Lo que da por cierto el articulista.

      La fecha de fallecimiento de C.A.C. (Crispín) fue el 15 de enero de 1932 y murió de “enfermedad contagiosa”. El autor del escrito asevera que, a pesar de ello, no se reunió la Junta de Sanidad.

      La Alcaldía lo que hizo fue gestionar y conseguir que dos vecinos retribuidos se prestaran a efectuar el sepelio. Dice que fueron estas dos personas las que penetraron en la casa del fallecido y colocaron el cadáver en el ataúd. Continúa diciendo que uno era muy viejo y el otro estaba completamente borracho, nos quedamos sin saber quién era el “de avanzada edad” pero el embriagado era indudablemente Catalino, es decir dos desgraciados marginales del pueblo.

      Nada más salir con el féretro a la calle se dieron cuenta que estas personas no podían llegar al cementerio con el difunto para darle sepultura y los artífices intelectuales del plan de inhumación no sabían que hacer, el autor del artículo los señala. Los responsables de que estuviera un ataúd con un cadáver dentro, tirado en medio de la calle “frente a la Plaza del Ayuntamiento” con un borracho a los pies y un anciano a la cabecera, eran el alcalde y el teniente de la Guardia Civil.
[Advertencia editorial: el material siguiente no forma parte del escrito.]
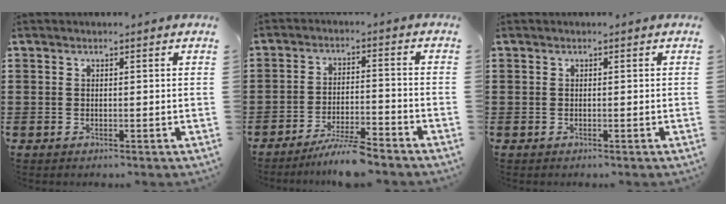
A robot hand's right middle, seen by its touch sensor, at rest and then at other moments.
{"total": 5.7, "force": [-5.2, -0.1, 2.2], "torque": [-0.044, -0.008, -0.098]}
{"total": 0.0}
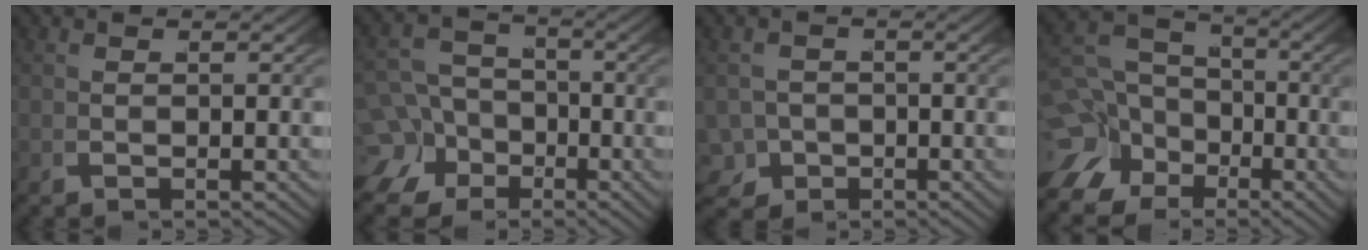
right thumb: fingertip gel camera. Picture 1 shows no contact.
{"total": 8.6, "force": [-2.4, 7.1, 4.1], "torque": [-0.059, -0.039, -0.034]}
{"total": 4.6, "force": [-2.2, 3.6, 1.8], "torque": [-0.032, -0.026, -0.028]}
{"total": 9.3, "force": [-1.5, 7.6, 5.1], "torque": [-0.081, -0.033, -0.017]}
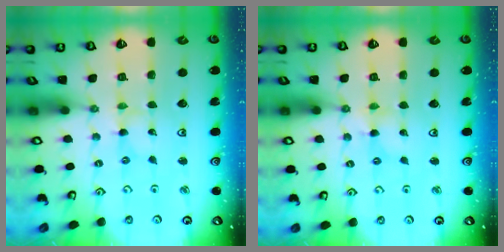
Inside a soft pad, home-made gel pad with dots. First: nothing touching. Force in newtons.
{"total": 1.6, "press": 1.5, "slide": 0.2}
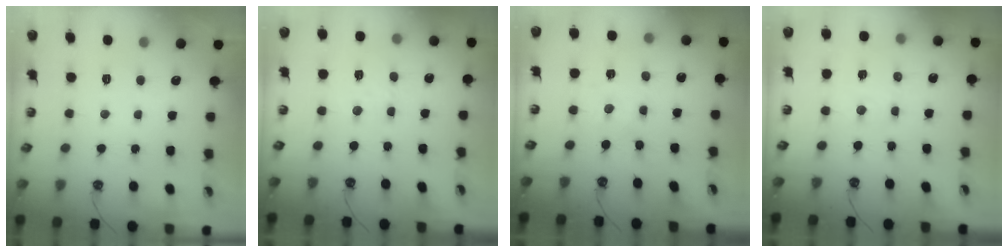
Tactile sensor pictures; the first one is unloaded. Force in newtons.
{"total": 2.2, "press": 2.1, "slide": 0.5}
{"total": 0.0}
{"total": 3.4, "press": 3.4, "slide": 0.4}
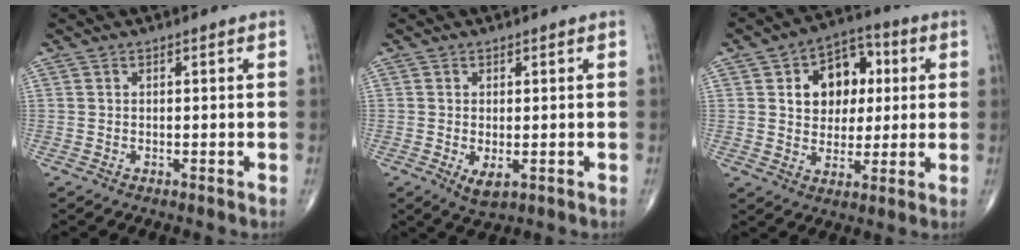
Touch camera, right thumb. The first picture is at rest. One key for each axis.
{"total": 3.1, "fx": -0.8, "fy": 1.5, "fz": 2.7, "tx": -0.042, "ty": -0.008, "tz": -0.005}
{"total": 12.4, "fx": 2.8, "fy": 9.3, "fz": 7.8, "tx": -0.066, "ty": 0.009, "tz": 0.042}
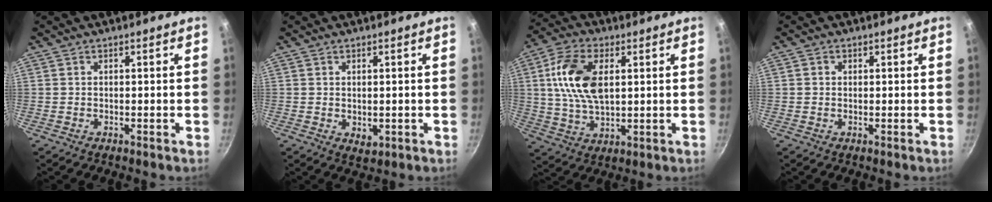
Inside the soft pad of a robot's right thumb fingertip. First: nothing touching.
{"total": 2.3, "force": [0.1, 1.6, 1.7], "torque": [-0.022, -0.008, 0.003]}
{"total": 13.6, "force": [2.9, 7.7, 10.8], "torque": [-0.194, 0.002, 0.051]}
{"total": 0.8, "force": [0.2, 0.8, 0.2], "torque": [0.000, 0.002, 0.001]}
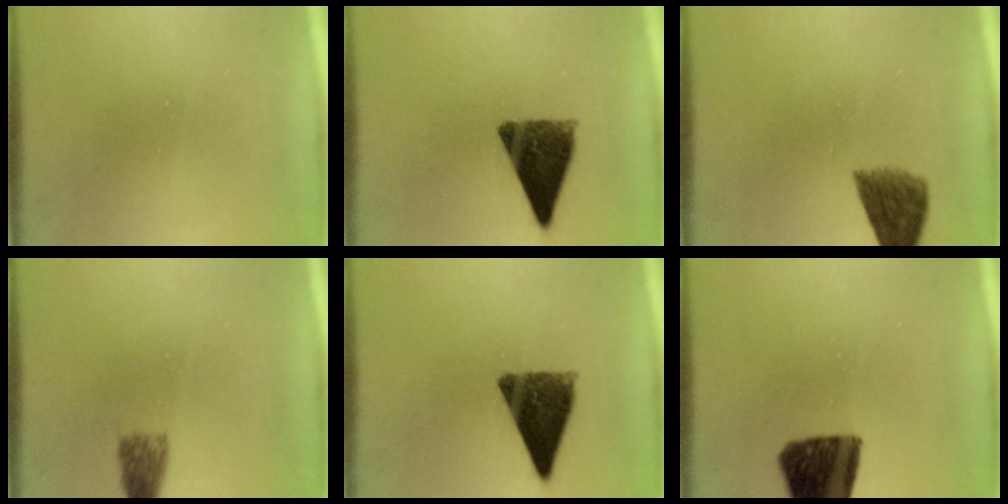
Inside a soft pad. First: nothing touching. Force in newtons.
{"total": 10.2}
{"total": 6.0}
{"total": 2.7}
{"total": 10.2}
{"total": 11.8}
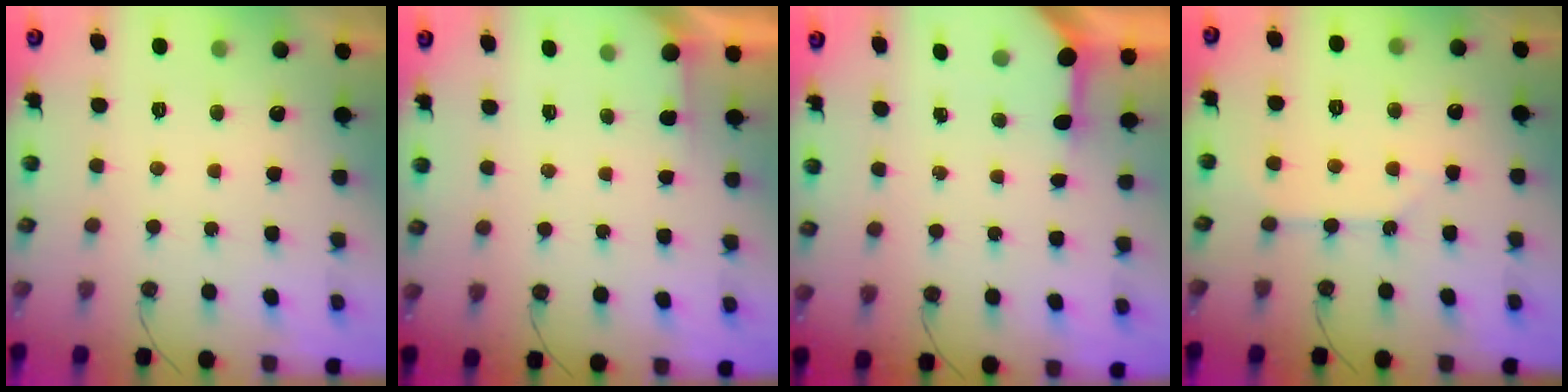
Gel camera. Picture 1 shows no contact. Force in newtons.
{"total": 2.0, "press": 2.0, "slide": 0.2}
{"total": 3.6, "press": 3.6, "slide": 0.4}
{"total": 2.6, "press": 2.5, "slide": 0.3}
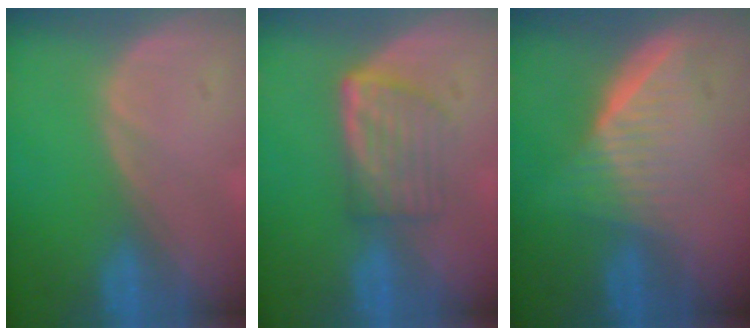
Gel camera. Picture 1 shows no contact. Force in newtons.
{"total": 5.8, "press": 5.2, "slide": 2.5}
{"total": 6.7, "press": 6.0, "slide": 3.0}
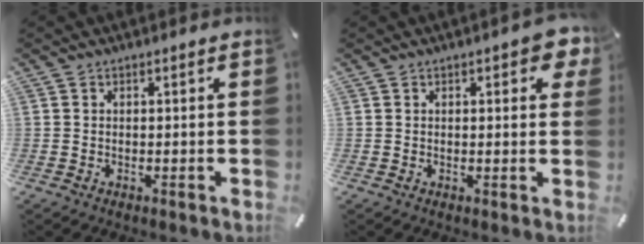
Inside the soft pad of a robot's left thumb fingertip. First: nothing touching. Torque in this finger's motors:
{"motor_torque": [2.39, 1.88, 0.89, -0.56, 0.01]}
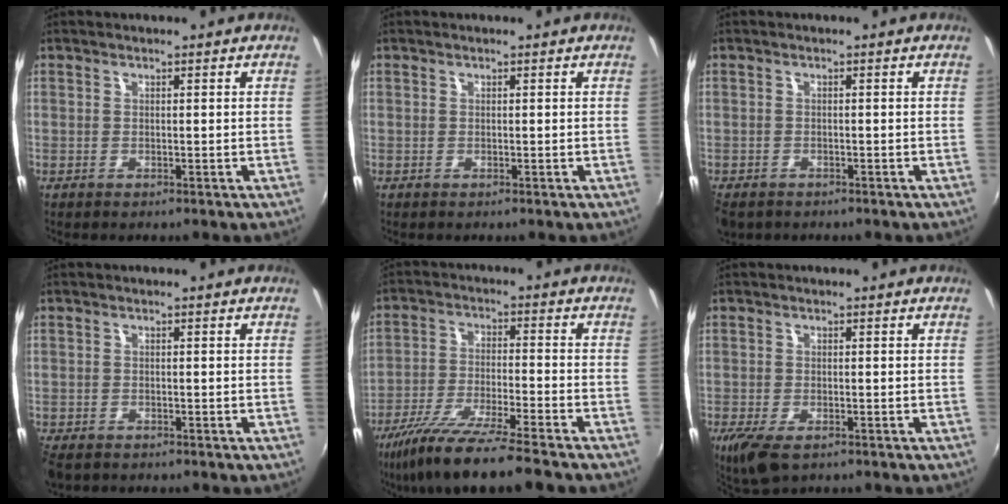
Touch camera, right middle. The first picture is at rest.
{"total": 0.0}
{"total": 4.2, "force": [-2.9, 2.4, 1.8], "torque": [-0.050, -0.014, -0.049]}
{"total": 4.0, "force": [-2.9, 1.9, 1.8], "torque": [-0.050, -0.016, -0.056]}
{"total": 14.9, "force": [-12.0, 0.6, 8.9], "torque": [-0.181, -0.033, -0.211]}
{"total": 5.8, "force": [-3.6, 2.4, 3.9], "torque": [-0.091, -0.023, -0.063]}
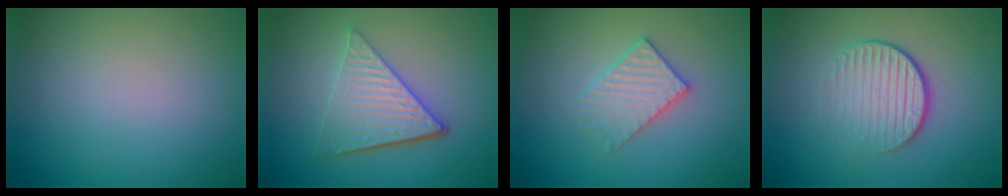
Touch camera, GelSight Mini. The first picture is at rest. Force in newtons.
{"total": 5.4, "press": 3.9, "slide": 3.7}
{"total": 3.0, "press": 3.0, "slide": 0.5}
{"total": 4.2, "press": 2.6, "slide": 3.2}
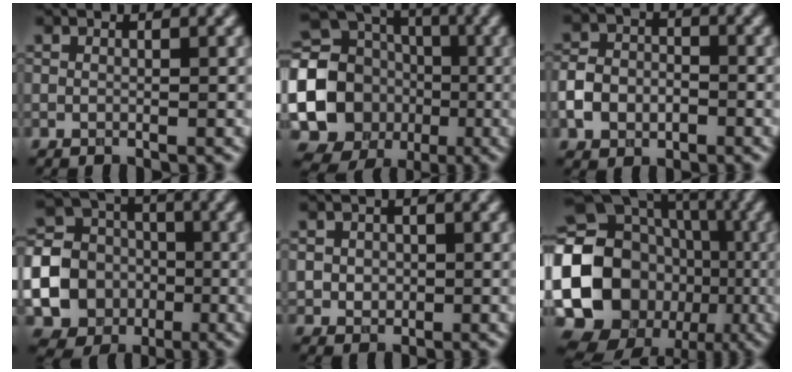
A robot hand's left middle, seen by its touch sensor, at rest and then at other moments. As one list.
[{"total": 15.2, "force": [-2.2, 13.7, 6.4], "torque": [-0.127, -0.023, -0.060]}, {"total": 3.7, "force": [-1.5, 2.8, 1.8], "torque": [-0.036, 0.001, -0.033]}, {"total": 22.2, "force": [-5.6, 20.7, 5.9], "torque": [-0.185, -0.034, -0.136]}, {"total": 2.3, "force": [0.2, 2.1, 0.9], "torque": [-0.016, 0.001, 0.003]}, {"total": 21.2, "force": [-3.6, 18.6, 9.6], "torque": [-0.185, -0.001, -0.102]}]
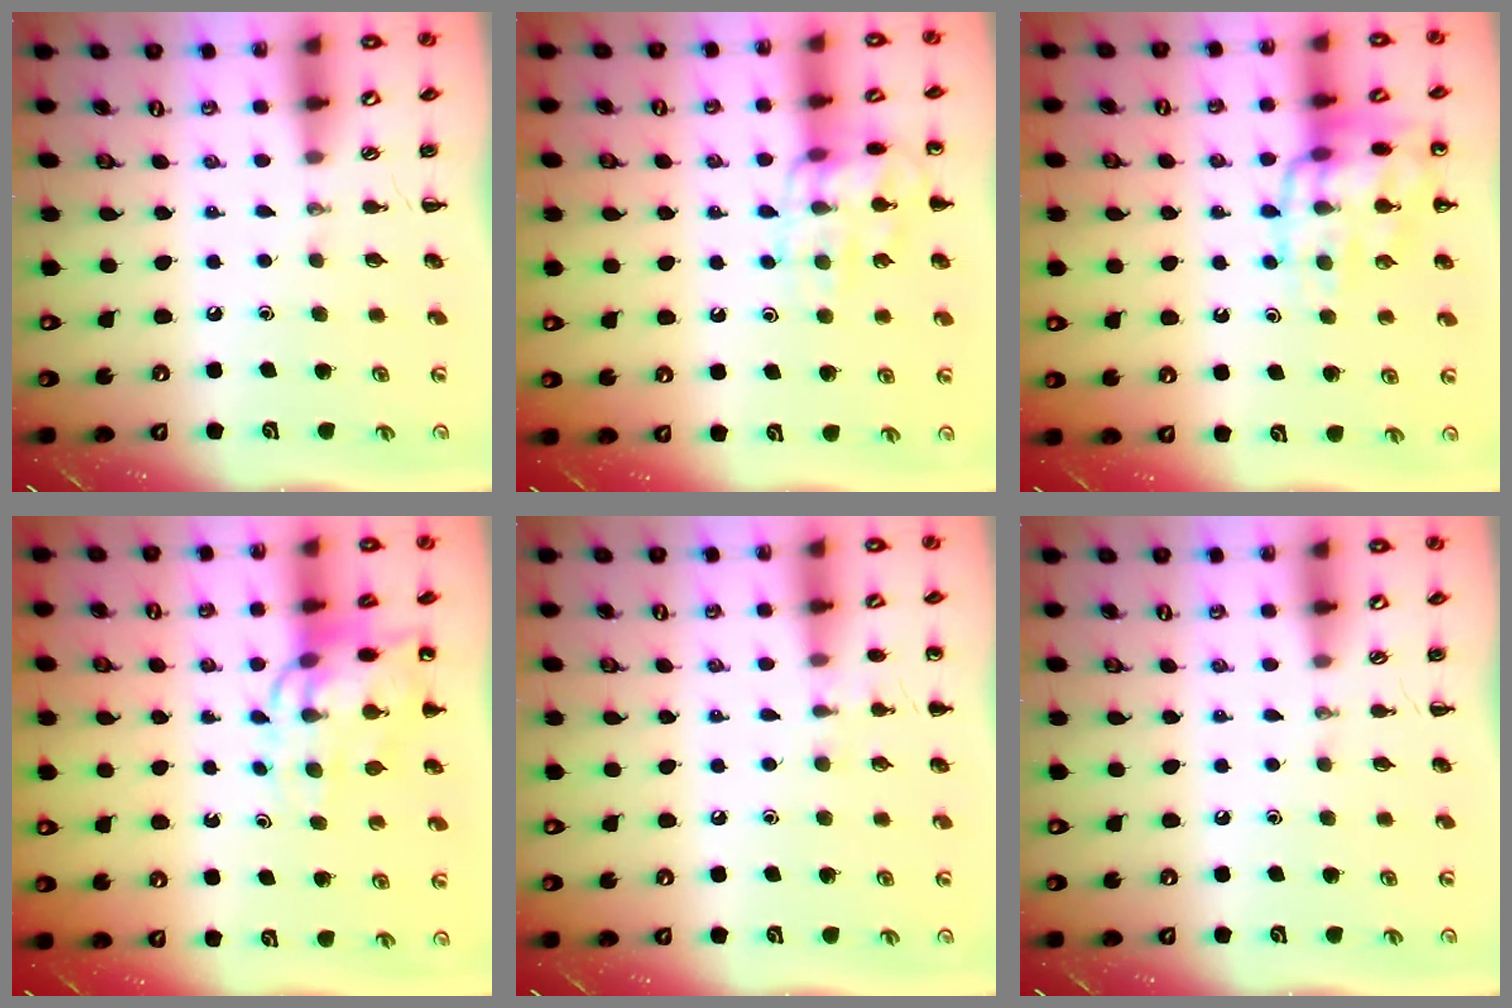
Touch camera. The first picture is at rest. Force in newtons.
{"total": 13.0, "press": 13.0, "slide": 0.7}
{"total": 16.2, "press": 16.1, "slide": 1.6}
{"total": 11.4, "press": 11.0, "slide": 3.1}
{"total": 5.9, "press": 5.7, "slide": 1.7}
{"total": 0.0}
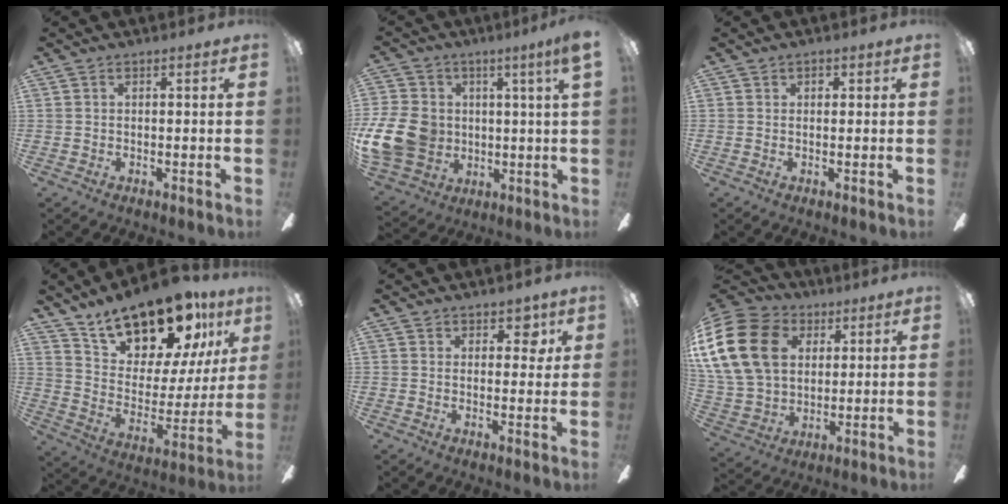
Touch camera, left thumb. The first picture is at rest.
{"total": 15.2, "force": [1.5, 10.2, 11.1], "torque": [-0.240, -0.006, 0.027]}
{"total": 1.3, "force": [0.5, 0.8, 0.9], "torque": [-0.012, 0.001, 0.006]}
{"total": 19.9, "force": [16.5, 7.6, 8.1], "torque": [-0.135, -0.114, 0.288]}
{"total": 4.3, "force": [2.6, 2.5, 2.3], "torque": [-0.019, -0.006, 0.041]}
{"total": 21.4, "force": [6.7, 16.1, 12.4], "torque": [-0.279, -0.008, 0.124]}
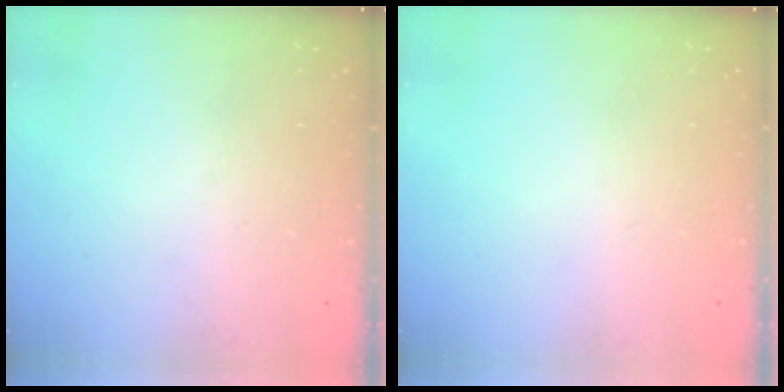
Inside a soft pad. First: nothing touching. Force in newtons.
{"total": 0.0}
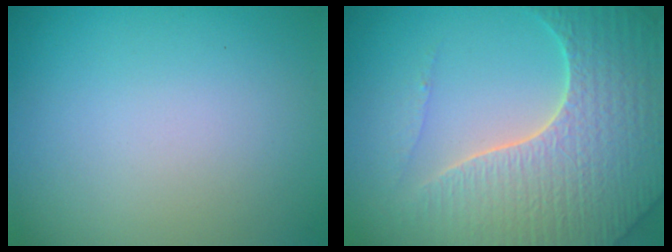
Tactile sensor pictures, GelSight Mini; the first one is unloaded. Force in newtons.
{"total": 6.9, "press": 6.7, "slide": 1.5}
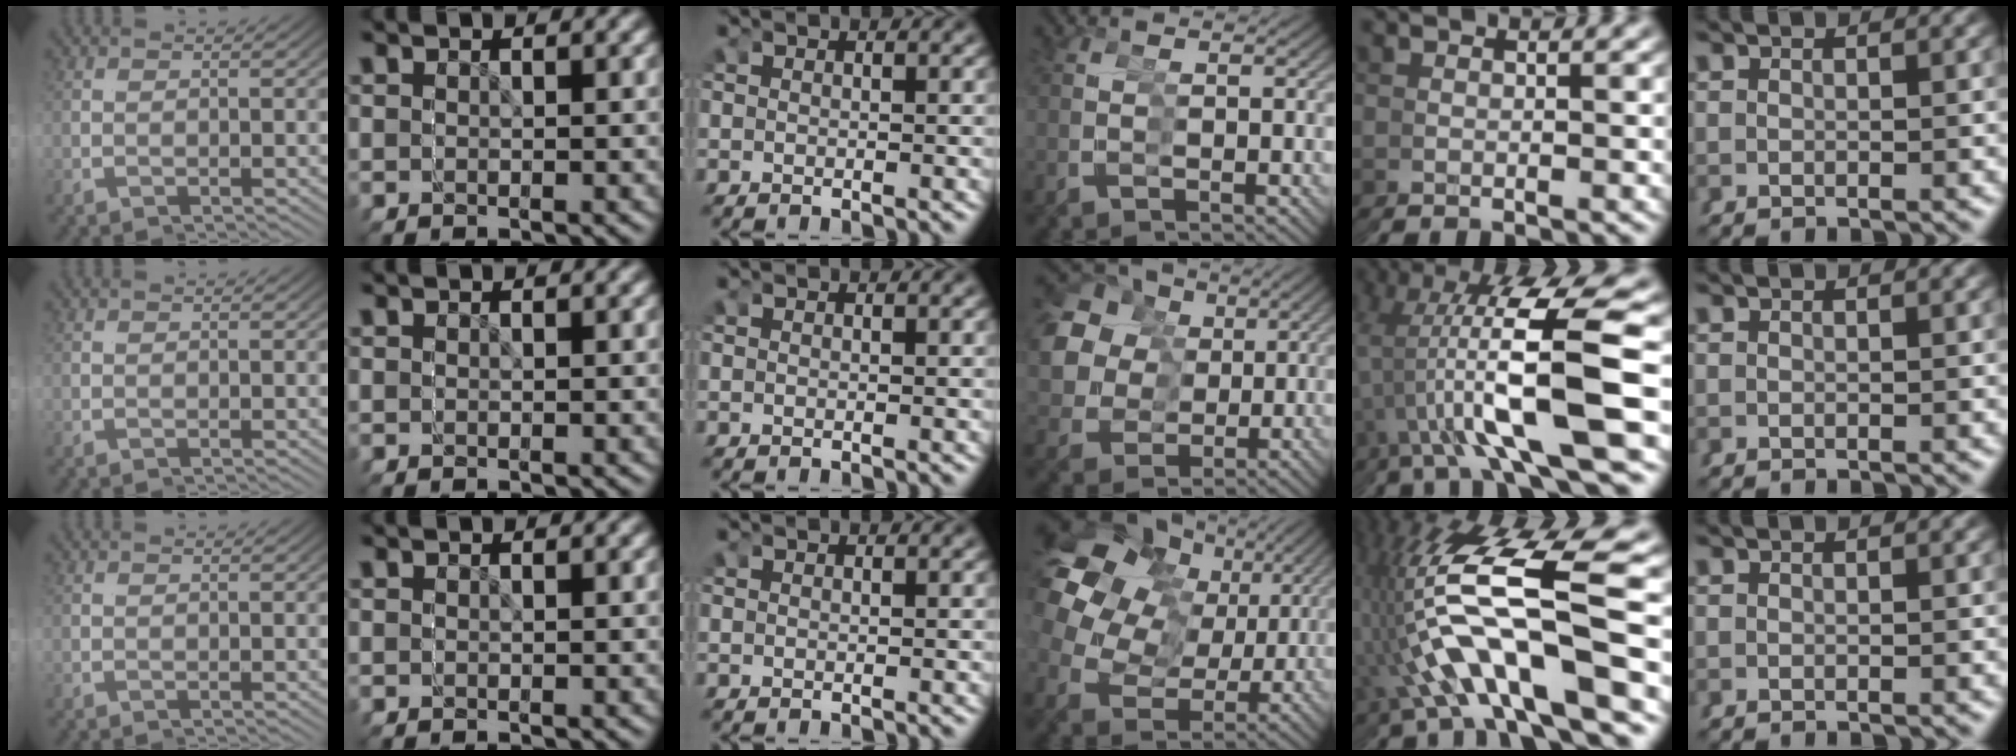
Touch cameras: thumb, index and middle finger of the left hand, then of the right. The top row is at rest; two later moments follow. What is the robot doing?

      Según esta versión coetánea de los hechos, Catalino, si se derrumbó, no fue donde dice la versión popular sino más de 100 metros antes, solo habían arrastrado, cargado o mal llevado el féretro a 50 metros de la casa del difunto, cuesta abajo.

      No había público asistente, algunos curiosos a más que prudente distancia, la cual guardaba también el alcalde y el teniente de la guardia civil y sus números de la benemérita, lo dice así “todos, absolutamente todos los demás estaban a prudente distancia” cuando los titulares sanitarios, farmacéutico y médico, y un concejal “sin la menor excitación de nadie, sino por propio y espontáneo impulso y sin exhortaciones” saltaron adelante y realizaron la inhumación sin más ayuda que la de las dos personas contratadas.

      El farmacéutico Miguel Jurado, políticamente líder conservador del municipio, el médico Juan Fernández, políticamente líder que fue de los liberales y, el concejal Antonio Celestino Castro Casas, concejal socialista y tercer teniente de alcalde, esos fueron los nombres de las personas que “con su arrojo y altruismo levantaron el espíritu y estado moral del pueblo”.

      Lo presenciaron a respetable distancia el alcalde y el teniente de la guardia civil, no dice que estuviera la corporación, ni que se esparciera cal, nada de eso, no nombra al otro médico, a Juan Pérez Capote que según versión popular era el de la Junta de Sanidad, el titular de policía sanitaria. Tampoco los nombres de los indigentes contratados, pero Catalino caló en el ideario popular con la fuerza de sus borracheras.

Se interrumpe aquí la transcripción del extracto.